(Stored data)

= = = = = = =

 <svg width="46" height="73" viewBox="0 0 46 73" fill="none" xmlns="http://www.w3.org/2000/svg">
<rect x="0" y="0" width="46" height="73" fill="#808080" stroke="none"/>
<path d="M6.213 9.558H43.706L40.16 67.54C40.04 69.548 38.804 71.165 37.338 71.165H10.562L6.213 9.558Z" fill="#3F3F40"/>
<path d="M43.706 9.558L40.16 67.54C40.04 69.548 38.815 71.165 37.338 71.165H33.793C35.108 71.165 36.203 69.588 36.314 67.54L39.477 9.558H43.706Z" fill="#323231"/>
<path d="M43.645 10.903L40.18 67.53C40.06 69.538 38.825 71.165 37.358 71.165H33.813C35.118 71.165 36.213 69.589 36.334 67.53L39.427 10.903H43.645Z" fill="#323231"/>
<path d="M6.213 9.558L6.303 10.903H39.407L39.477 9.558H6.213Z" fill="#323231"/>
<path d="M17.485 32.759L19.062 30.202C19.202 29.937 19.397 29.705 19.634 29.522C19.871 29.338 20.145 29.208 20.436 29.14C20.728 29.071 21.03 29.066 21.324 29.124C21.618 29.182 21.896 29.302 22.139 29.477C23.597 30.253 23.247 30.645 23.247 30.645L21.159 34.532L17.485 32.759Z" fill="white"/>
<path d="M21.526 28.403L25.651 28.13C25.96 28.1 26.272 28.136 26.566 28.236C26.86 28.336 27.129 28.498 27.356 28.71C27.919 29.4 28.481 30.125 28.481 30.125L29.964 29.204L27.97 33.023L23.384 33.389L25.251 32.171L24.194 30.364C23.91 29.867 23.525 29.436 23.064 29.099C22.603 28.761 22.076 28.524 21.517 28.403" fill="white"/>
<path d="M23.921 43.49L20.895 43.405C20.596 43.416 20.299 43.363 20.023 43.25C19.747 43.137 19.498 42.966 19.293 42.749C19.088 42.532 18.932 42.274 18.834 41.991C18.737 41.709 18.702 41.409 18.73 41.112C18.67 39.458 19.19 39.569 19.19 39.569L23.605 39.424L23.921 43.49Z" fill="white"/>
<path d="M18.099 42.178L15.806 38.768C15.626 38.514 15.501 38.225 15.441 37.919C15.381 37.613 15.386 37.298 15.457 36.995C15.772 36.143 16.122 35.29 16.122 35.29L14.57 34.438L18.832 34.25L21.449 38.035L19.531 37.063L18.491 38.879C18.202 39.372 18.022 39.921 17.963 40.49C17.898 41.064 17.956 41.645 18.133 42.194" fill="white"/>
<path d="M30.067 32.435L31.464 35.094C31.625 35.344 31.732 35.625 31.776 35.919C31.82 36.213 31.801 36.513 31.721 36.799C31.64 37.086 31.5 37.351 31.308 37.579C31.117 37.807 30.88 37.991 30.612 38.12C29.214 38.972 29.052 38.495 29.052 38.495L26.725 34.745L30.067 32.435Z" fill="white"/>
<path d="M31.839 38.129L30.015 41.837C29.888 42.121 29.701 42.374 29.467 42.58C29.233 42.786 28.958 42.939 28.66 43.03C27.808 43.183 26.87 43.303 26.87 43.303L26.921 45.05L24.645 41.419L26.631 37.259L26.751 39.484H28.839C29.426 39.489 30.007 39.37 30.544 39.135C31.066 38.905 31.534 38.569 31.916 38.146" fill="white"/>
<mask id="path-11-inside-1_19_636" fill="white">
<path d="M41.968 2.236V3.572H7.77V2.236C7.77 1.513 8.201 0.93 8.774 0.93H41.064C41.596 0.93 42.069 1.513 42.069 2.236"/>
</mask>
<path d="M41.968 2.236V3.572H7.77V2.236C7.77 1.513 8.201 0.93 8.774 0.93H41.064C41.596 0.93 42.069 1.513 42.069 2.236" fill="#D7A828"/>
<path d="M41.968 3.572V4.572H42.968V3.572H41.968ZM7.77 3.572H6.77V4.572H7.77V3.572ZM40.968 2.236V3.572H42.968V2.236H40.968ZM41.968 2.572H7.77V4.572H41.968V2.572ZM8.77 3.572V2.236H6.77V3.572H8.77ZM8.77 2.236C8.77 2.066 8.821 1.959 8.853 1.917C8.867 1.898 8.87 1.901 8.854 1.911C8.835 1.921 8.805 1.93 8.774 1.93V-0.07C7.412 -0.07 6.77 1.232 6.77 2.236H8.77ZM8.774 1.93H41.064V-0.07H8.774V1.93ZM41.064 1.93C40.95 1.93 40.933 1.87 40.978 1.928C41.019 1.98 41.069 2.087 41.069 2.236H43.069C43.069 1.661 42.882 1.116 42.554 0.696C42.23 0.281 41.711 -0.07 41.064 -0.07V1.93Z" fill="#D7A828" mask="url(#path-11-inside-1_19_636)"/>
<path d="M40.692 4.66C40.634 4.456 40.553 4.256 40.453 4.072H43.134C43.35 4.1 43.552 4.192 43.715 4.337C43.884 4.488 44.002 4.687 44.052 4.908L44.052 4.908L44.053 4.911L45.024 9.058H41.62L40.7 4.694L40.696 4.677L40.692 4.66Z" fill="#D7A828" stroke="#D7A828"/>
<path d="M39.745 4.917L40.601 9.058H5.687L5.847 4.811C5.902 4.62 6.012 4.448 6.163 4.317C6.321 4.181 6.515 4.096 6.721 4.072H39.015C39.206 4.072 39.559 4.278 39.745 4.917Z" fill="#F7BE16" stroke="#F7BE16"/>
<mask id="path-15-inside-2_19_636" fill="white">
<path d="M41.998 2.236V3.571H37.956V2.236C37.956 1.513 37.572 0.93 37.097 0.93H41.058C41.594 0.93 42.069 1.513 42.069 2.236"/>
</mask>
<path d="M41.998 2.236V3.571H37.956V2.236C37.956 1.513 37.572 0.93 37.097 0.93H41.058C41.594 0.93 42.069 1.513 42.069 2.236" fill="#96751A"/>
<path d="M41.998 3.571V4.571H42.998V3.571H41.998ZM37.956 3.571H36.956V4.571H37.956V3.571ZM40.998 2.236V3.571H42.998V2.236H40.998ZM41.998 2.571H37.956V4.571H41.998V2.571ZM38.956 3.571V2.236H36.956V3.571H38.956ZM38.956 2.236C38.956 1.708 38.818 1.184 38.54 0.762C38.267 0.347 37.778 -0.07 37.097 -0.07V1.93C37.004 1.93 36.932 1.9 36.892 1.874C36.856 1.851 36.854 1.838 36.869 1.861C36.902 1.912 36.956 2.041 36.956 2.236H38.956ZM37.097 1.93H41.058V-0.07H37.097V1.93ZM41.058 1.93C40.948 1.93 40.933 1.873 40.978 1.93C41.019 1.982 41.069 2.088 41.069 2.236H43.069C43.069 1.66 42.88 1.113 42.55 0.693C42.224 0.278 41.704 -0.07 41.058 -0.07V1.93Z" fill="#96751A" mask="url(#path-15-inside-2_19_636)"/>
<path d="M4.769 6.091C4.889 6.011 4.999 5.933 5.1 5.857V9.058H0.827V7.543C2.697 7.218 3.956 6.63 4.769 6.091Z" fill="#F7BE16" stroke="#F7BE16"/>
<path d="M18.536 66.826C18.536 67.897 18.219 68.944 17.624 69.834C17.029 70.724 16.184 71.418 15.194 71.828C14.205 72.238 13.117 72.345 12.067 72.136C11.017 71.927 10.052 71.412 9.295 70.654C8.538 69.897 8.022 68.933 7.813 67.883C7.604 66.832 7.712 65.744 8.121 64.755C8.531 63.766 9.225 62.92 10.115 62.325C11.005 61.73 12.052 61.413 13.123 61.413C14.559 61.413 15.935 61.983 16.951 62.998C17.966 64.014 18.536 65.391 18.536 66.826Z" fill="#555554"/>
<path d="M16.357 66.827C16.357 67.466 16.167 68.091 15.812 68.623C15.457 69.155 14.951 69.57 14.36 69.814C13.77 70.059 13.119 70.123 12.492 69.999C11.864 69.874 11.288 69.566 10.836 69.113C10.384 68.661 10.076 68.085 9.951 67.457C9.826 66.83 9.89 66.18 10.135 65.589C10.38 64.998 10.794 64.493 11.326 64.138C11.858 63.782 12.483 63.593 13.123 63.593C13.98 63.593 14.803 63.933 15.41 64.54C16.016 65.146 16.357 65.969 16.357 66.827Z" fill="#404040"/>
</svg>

= = = = = = =

Which lines of the records above contain the word "stroke"? Copy each of them.

Solved exercise:
<rect x="0" y="0" width="46" height="73" fill="#808080" stroke="none"/>
<path d="M40.692 4.66C40.634 4.456 40.553 4.256 40.453 4.072H43.134C43.35 4.1 43.552 4.192 43.715 4.337C43.884 4.488 44.002 4.687 44.052 4.908L44.052 4.908L44.053 4.911L45.024 9.058H41.62L40.7 4.694L40.696 4.677L40.692 4.66Z" fill="#D7A828" stroke="#D7A828"/>
<path d="M39.745 4.917L40.601 9.058H5.687L5.847 4.811C5.902 4.62 6.012 4.448 6.163 4.317C6.321 4.181 6.515 4.096 6.721 4.072H39.015C39.206 4.072 39.559 4.278 39.745 4.917Z" fill="#F7BE16" stroke="#F7BE16"/>
<path d="M4.769 6.091C4.889 6.011 4.999 5.933 5.1 5.857V9.058H0.827V7.543C2.697 7.218 3.956 6.63 4.769 6.091Z" fill="#F7BE16" stroke="#F7BE16"/>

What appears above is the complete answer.